# [Study material]

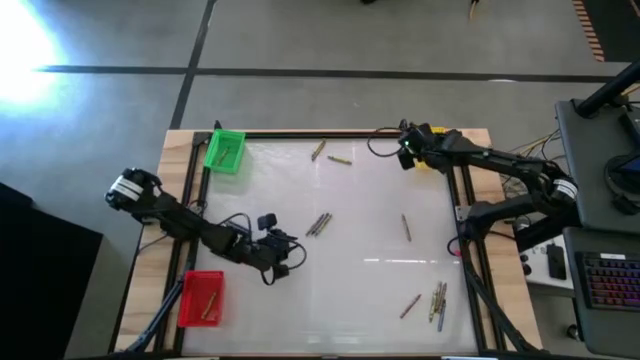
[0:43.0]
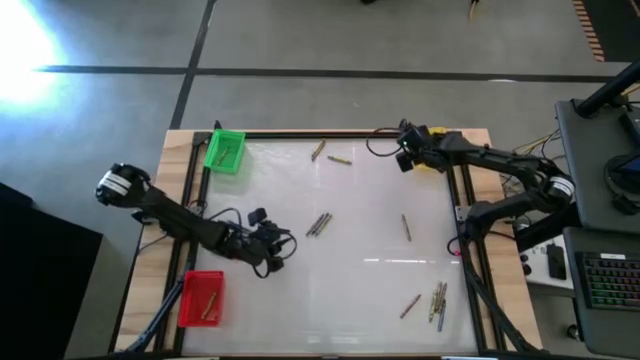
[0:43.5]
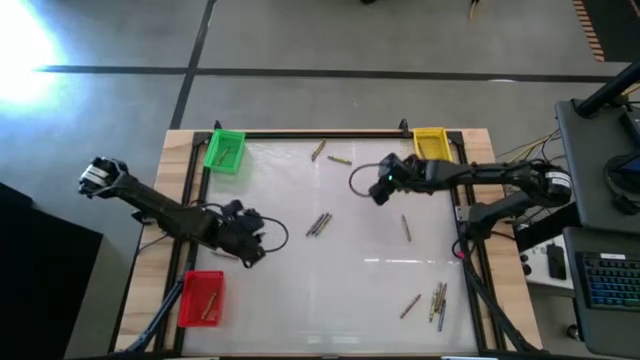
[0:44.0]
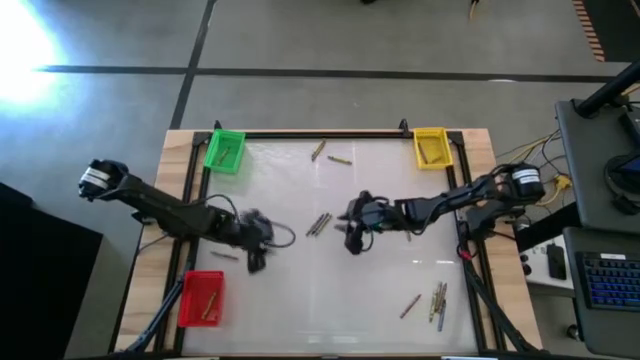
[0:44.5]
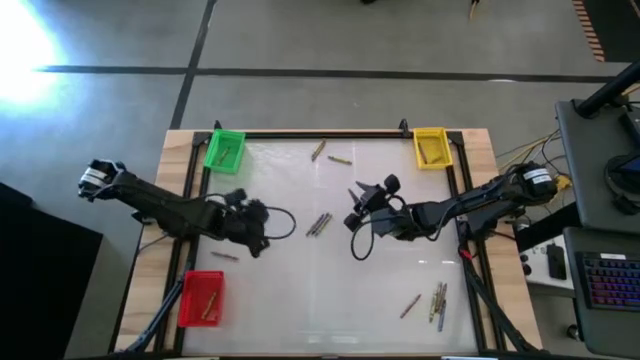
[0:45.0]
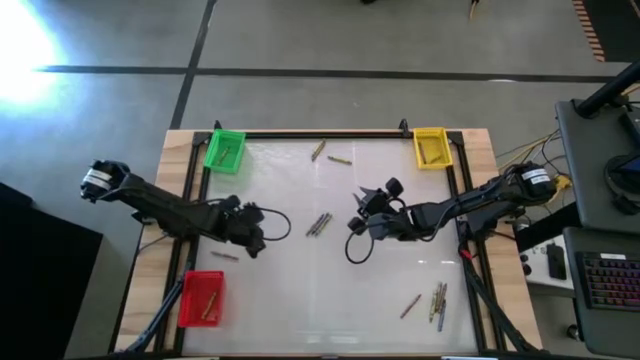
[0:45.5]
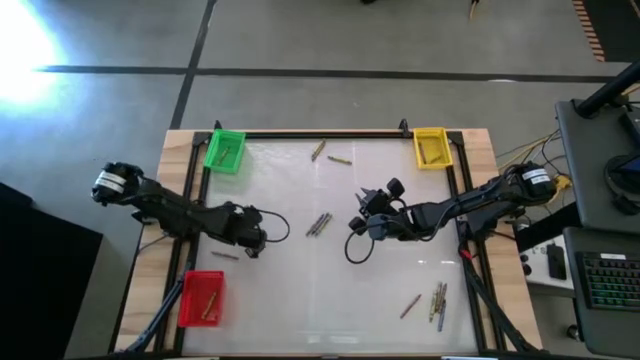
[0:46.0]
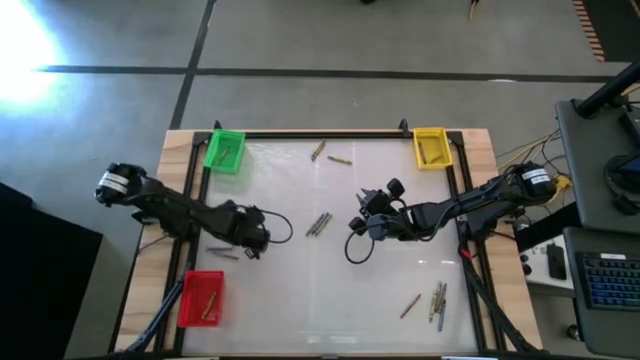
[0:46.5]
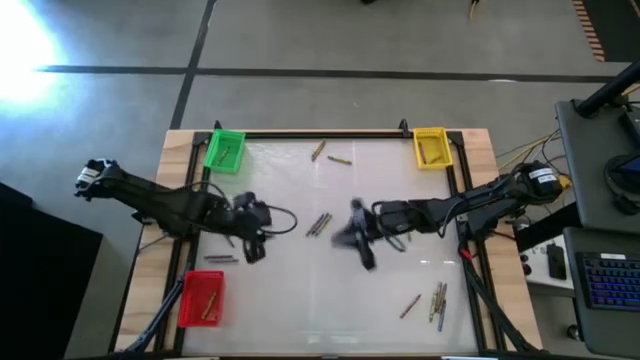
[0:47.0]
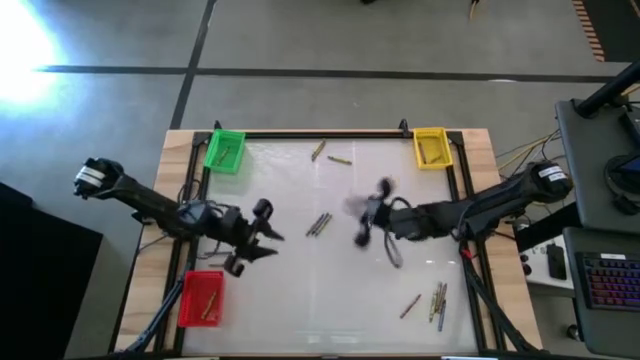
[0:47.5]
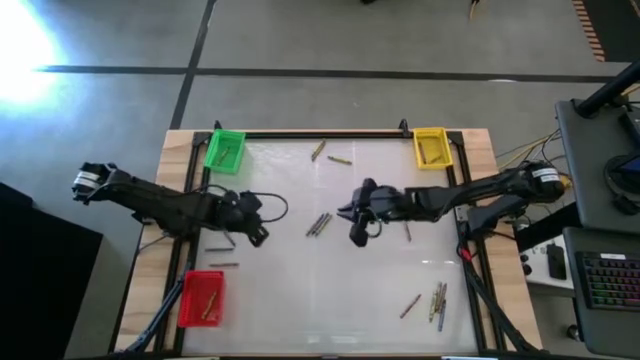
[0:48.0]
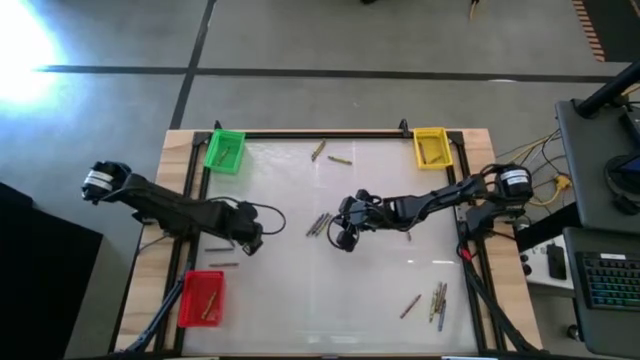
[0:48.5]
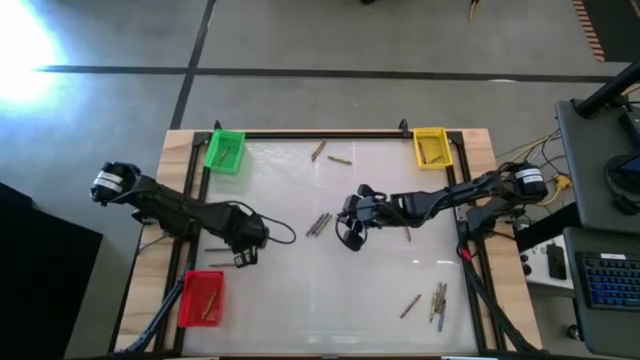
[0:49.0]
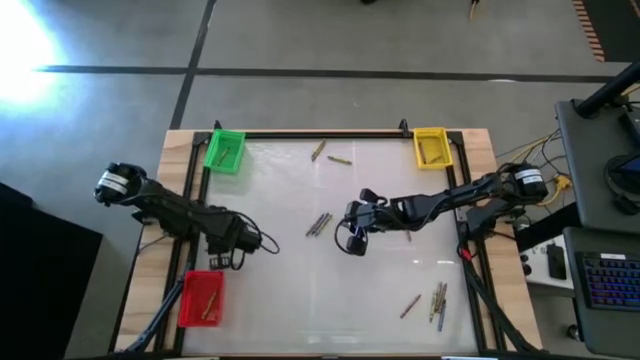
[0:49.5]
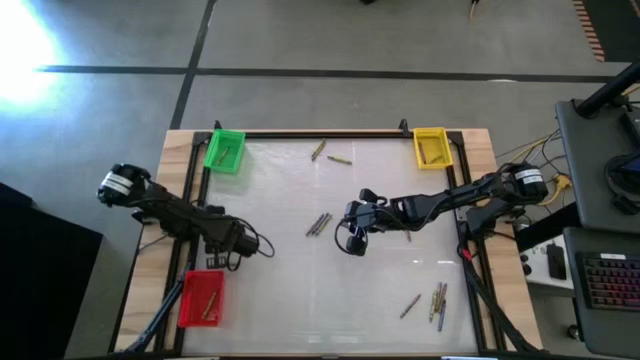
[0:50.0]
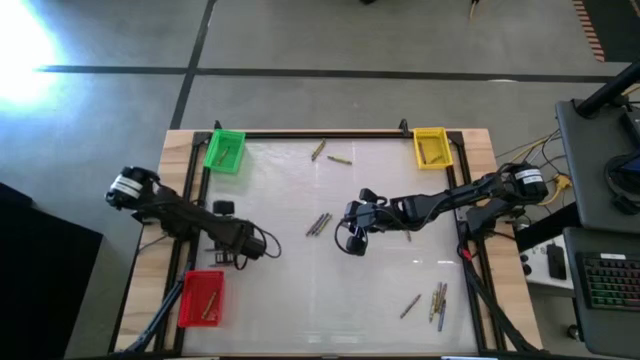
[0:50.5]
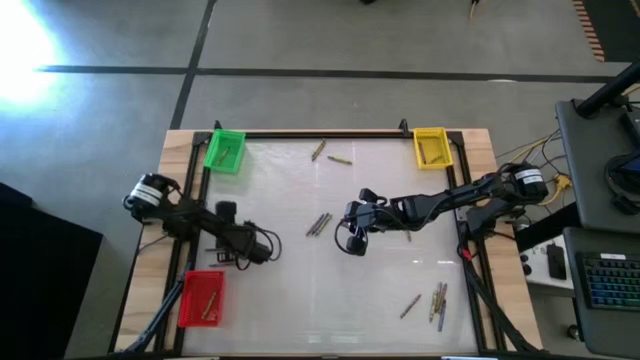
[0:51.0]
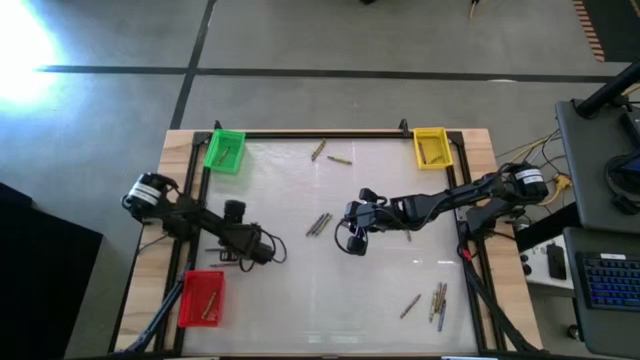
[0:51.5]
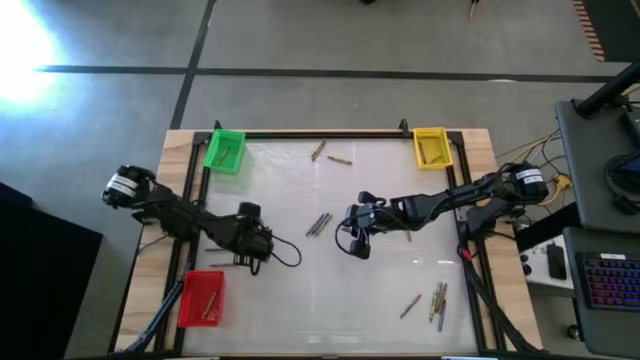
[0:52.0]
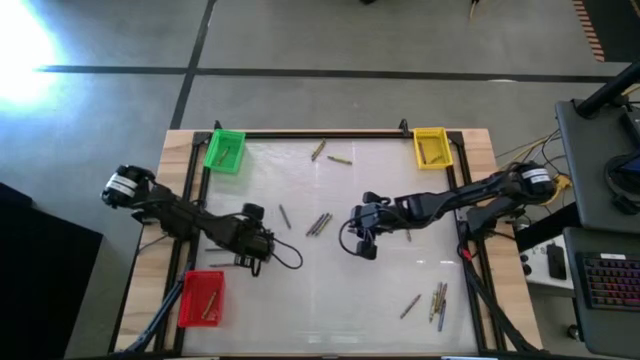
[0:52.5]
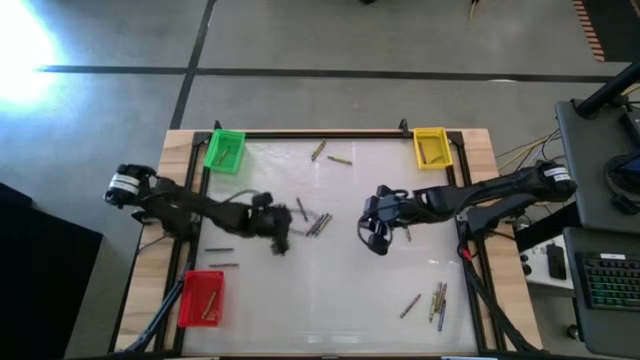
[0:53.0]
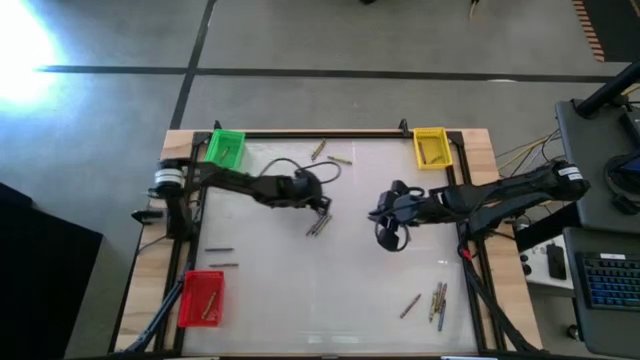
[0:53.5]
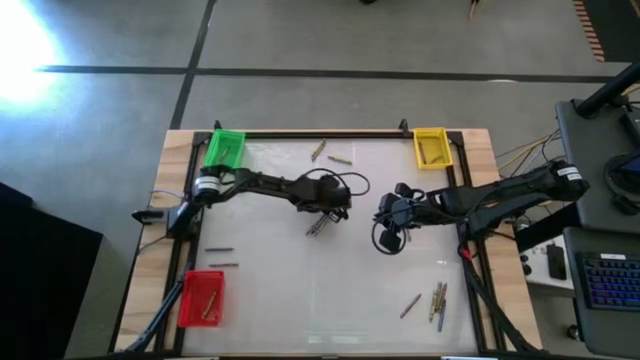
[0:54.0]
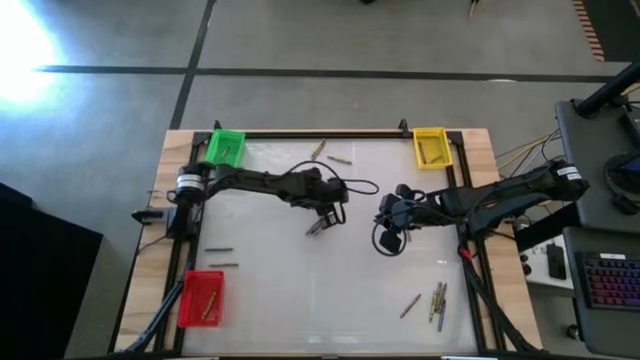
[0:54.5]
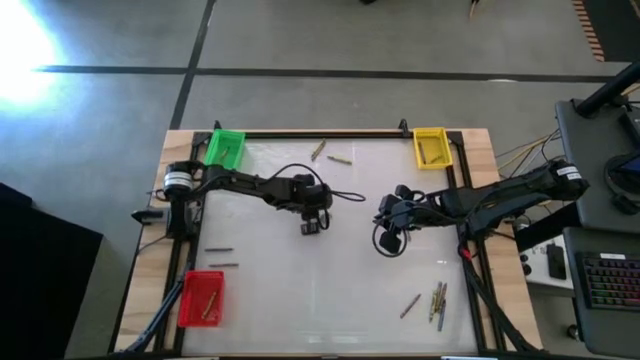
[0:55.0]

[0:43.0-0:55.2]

# [What to do]
Leave every image out, and retype the material exactly.

# [Task result]
[0:43.0]
[0:43.5]
[0:44.0]
[0:44.5]
[0:45.0]
[0:45.5]
[0:46.0]
[0:46.5]
[0:47.0]
[0:47.5]
[0:48.0]
[0:48.5]
[0:49.0]
[0:49.5]
[0:50.0]
[0:50.5]
[0:51.0]
[0:51.5]
[0:52.0]
[0:52.5]
[0:53.0]
[0:53.5]
[0:54.0]
[0:54.5]
[0:55.0]

[0:43.0-0:55.2]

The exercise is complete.